### Task prompt
Reproduce the lines below from the one that contains "149.8,89.2 c 0,0" through the end, inclusive, and add nothing.

....

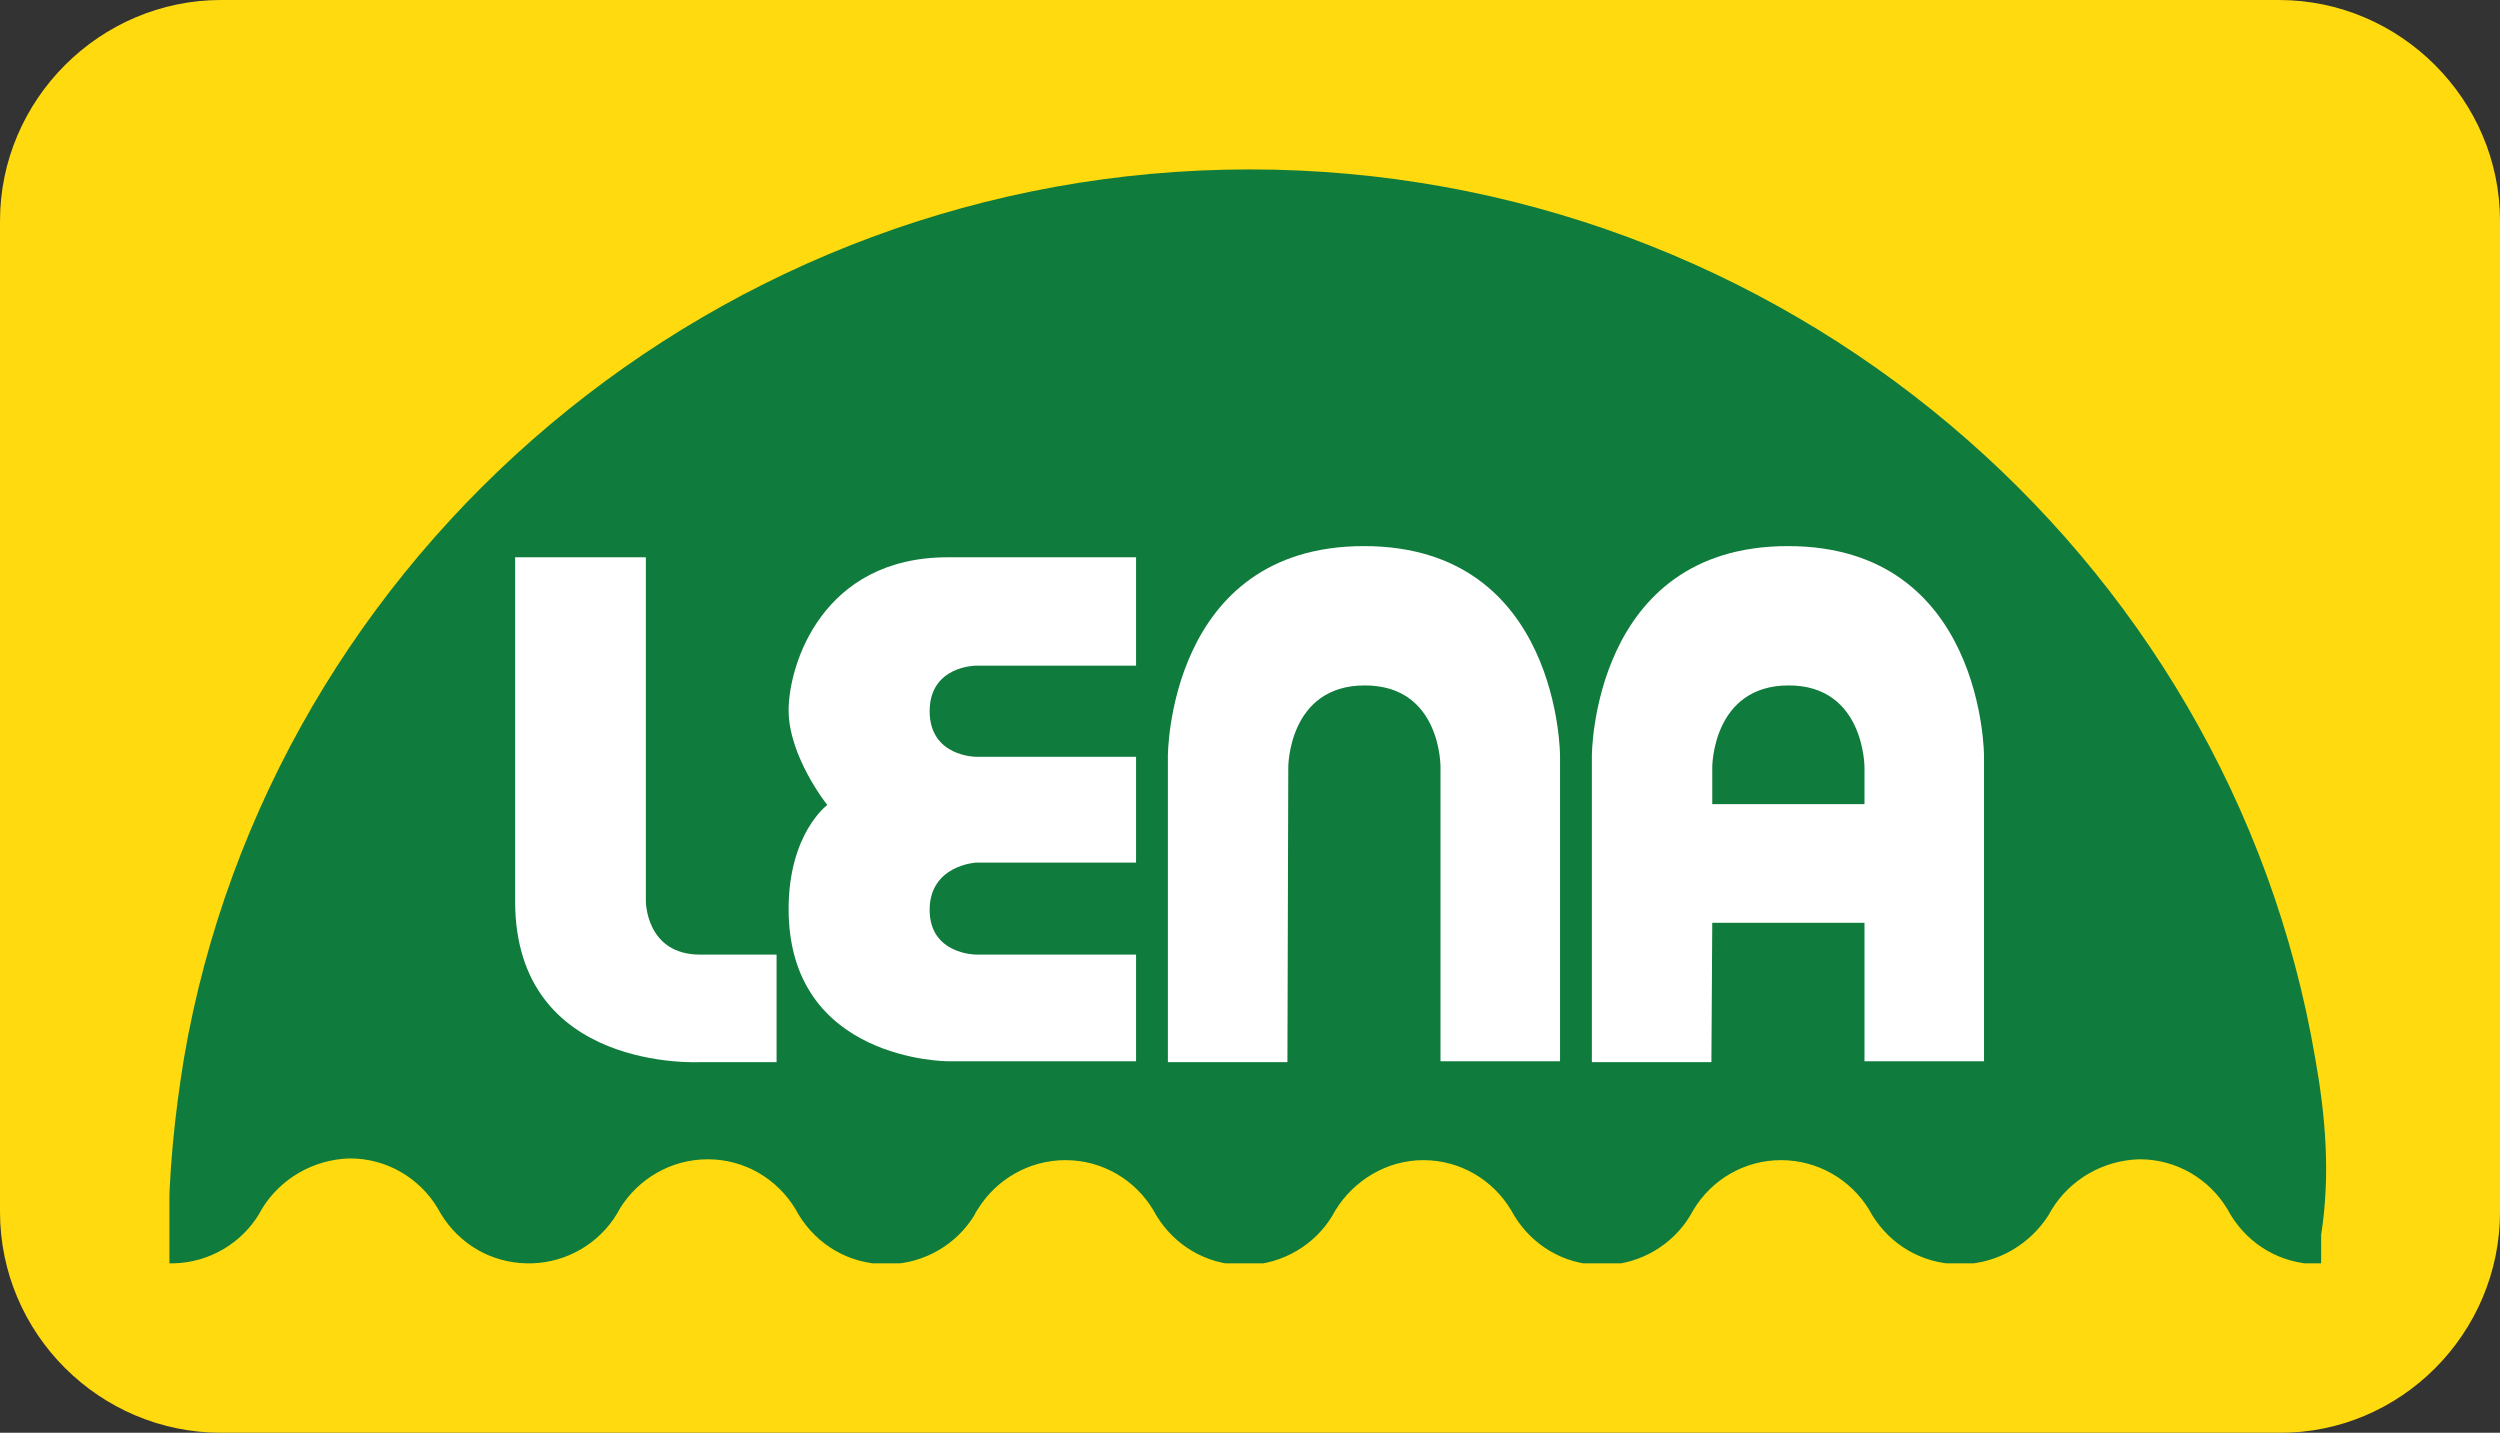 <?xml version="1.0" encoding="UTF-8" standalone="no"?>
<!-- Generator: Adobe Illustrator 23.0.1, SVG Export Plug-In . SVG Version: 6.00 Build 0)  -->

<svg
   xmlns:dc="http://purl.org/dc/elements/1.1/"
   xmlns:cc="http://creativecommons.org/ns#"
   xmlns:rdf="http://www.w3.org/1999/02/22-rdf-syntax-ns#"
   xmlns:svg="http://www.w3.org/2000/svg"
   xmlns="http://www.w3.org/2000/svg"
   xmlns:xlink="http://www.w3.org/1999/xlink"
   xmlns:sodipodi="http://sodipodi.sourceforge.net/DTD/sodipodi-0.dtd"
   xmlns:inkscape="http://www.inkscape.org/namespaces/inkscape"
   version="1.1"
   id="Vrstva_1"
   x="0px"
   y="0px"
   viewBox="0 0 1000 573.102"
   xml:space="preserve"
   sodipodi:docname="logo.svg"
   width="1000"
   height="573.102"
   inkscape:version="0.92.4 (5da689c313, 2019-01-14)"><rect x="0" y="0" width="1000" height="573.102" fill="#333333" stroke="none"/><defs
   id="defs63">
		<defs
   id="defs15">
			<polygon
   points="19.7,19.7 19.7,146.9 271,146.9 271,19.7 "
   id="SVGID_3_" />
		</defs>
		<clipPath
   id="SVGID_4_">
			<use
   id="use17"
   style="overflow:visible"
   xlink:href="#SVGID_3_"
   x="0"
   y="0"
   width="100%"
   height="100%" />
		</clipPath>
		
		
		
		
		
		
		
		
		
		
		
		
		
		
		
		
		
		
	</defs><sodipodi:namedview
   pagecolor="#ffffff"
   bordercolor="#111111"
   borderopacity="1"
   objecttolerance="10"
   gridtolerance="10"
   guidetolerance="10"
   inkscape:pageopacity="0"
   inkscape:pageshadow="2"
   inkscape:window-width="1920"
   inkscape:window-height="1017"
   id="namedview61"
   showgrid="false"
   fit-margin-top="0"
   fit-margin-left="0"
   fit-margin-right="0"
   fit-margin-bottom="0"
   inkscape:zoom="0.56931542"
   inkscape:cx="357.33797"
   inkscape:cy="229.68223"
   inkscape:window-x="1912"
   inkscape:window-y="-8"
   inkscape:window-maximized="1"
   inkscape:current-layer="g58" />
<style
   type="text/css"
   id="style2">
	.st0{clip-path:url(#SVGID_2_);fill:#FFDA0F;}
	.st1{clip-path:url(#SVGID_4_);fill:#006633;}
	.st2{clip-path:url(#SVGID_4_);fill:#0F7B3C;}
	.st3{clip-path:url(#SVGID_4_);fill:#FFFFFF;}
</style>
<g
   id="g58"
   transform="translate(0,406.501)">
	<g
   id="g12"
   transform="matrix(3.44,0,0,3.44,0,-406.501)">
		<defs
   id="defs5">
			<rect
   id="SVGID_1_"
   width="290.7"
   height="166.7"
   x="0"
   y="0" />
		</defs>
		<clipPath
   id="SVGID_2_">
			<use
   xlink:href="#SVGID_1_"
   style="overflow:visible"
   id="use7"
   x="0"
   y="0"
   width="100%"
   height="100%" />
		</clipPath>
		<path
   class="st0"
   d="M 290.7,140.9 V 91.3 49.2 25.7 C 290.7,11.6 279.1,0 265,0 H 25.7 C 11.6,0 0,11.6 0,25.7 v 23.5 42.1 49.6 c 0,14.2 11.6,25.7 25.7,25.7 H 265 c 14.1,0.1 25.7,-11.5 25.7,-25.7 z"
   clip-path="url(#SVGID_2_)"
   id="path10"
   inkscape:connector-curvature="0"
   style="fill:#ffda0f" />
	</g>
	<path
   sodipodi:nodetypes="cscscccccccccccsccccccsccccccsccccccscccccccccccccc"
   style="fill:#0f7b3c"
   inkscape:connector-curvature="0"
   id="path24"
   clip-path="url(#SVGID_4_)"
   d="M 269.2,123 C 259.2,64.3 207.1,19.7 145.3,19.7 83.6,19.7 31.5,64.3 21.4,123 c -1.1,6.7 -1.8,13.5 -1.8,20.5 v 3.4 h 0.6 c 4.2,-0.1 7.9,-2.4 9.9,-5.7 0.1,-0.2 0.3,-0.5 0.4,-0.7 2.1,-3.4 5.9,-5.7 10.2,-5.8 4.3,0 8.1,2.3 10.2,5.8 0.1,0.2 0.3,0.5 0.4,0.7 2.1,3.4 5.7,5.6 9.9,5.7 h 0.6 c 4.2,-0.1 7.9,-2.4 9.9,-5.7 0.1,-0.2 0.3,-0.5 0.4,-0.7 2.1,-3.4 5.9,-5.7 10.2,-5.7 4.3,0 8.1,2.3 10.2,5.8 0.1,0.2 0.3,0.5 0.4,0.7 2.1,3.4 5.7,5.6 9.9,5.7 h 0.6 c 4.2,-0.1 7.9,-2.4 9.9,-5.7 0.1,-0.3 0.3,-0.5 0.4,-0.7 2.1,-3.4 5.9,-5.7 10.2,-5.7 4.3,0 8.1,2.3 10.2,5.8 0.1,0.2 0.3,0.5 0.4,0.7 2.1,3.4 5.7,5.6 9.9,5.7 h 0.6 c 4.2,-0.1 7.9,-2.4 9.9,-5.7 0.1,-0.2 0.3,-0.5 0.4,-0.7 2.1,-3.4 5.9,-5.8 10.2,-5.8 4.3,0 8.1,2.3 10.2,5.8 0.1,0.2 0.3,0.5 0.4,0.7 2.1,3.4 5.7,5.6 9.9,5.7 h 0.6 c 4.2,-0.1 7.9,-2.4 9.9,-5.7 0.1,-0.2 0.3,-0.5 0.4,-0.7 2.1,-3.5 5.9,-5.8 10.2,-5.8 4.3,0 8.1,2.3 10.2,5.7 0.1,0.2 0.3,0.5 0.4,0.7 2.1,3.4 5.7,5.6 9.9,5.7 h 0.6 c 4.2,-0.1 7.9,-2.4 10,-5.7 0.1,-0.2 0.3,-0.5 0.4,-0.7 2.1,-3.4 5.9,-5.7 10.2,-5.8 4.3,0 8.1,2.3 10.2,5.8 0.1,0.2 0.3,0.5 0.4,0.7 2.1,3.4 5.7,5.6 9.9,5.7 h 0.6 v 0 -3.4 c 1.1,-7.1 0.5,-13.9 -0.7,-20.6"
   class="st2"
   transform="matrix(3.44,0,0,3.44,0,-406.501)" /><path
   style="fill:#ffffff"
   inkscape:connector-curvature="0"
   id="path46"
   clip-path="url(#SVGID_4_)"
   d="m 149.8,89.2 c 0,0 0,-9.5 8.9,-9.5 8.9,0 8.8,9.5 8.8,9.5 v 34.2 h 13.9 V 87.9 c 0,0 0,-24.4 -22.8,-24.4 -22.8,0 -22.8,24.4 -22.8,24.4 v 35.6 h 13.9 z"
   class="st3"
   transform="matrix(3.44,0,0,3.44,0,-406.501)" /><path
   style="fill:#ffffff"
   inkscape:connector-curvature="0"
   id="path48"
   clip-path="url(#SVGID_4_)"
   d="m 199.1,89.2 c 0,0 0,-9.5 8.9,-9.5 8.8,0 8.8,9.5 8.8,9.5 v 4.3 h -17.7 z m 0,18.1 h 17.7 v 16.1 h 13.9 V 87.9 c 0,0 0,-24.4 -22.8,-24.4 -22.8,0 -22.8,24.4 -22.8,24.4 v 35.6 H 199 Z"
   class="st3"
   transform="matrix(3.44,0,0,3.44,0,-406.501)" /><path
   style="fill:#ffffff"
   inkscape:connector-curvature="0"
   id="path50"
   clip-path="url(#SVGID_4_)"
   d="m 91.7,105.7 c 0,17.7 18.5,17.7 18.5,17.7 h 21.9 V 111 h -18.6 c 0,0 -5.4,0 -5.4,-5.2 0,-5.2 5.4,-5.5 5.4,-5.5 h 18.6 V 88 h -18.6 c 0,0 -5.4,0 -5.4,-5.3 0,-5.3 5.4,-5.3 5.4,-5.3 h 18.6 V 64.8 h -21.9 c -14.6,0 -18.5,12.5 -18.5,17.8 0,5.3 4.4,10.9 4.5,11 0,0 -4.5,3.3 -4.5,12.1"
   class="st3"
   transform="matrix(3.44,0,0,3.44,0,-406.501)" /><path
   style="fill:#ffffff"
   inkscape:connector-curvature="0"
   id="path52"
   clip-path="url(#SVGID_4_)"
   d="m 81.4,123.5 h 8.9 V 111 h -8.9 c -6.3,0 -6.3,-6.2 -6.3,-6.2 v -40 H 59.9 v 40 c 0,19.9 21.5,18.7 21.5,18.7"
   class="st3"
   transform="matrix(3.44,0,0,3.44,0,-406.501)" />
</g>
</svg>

....

### Exercise solution
   d="m 149.8,89.2 c 0,0 0,-9.5 8.9,-9.5 8.9,0 8.8,9.5 8.8,9.5 v 34.2 h 13.9 V 87.9 c 0,0 0,-24.4 -22.8,-24.4 -22.8,0 -22.8,24.4 -22.8,24.4 v 35.6 h 13.9 z"
   class="st3"
   transform="matrix(3.44,0,0,3.44,0,-406.501)" /><path
   style="fill:#ffffff"
   inkscape:connector-curvature="0"
   id="path48"
   clip-path="url(#SVGID_4_)"
   d="m 199.1,89.2 c 0,0 0,-9.5 8.9,-9.5 8.8,0 8.8,9.5 8.8,9.5 v 4.3 h -17.7 z m 0,18.1 h 17.7 v 16.1 h 13.9 V 87.9 c 0,0 0,-24.4 -22.8,-24.4 -22.8,0 -22.8,24.4 -22.8,24.4 v 35.6 H 199 Z"
   class="st3"
   transform="matrix(3.44,0,0,3.44,0,-406.501)" /><path
   style="fill:#ffffff"
   inkscape:connector-curvature="0"
   id="path50"
   clip-path="url(#SVGID_4_)"
   d="m 91.7,105.7 c 0,17.7 18.5,17.7 18.5,17.7 h 21.9 V 111 h -18.6 c 0,0 -5.4,0 -5.4,-5.2 0,-5.2 5.4,-5.5 5.4,-5.5 h 18.6 V 88 h -18.6 c 0,0 -5.4,0 -5.4,-5.3 0,-5.3 5.4,-5.3 5.4,-5.3 h 18.6 V 64.8 h -21.9 c -14.6,0 -18.5,12.5 -18.5,17.8 0,5.3 4.4,10.9 4.5,11 0,0 -4.5,3.3 -4.5,12.1"
   class="st3"
   transform="matrix(3.44,0,0,3.44,0,-406.501)" /><path
   style="fill:#ffffff"
   inkscape:connector-curvature="0"
   id="path52"
   clip-path="url(#SVGID_4_)"
   d="m 81.4,123.5 h 8.9 V 111 h -8.9 c -6.3,0 -6.3,-6.2 -6.3,-6.2 v -40 H 59.9 v 40 c 0,19.9 21.5,18.7 21.5,18.7"
   class="st3"
   transform="matrix(3.44,0,0,3.44,0,-406.501)" />
</g>
</svg>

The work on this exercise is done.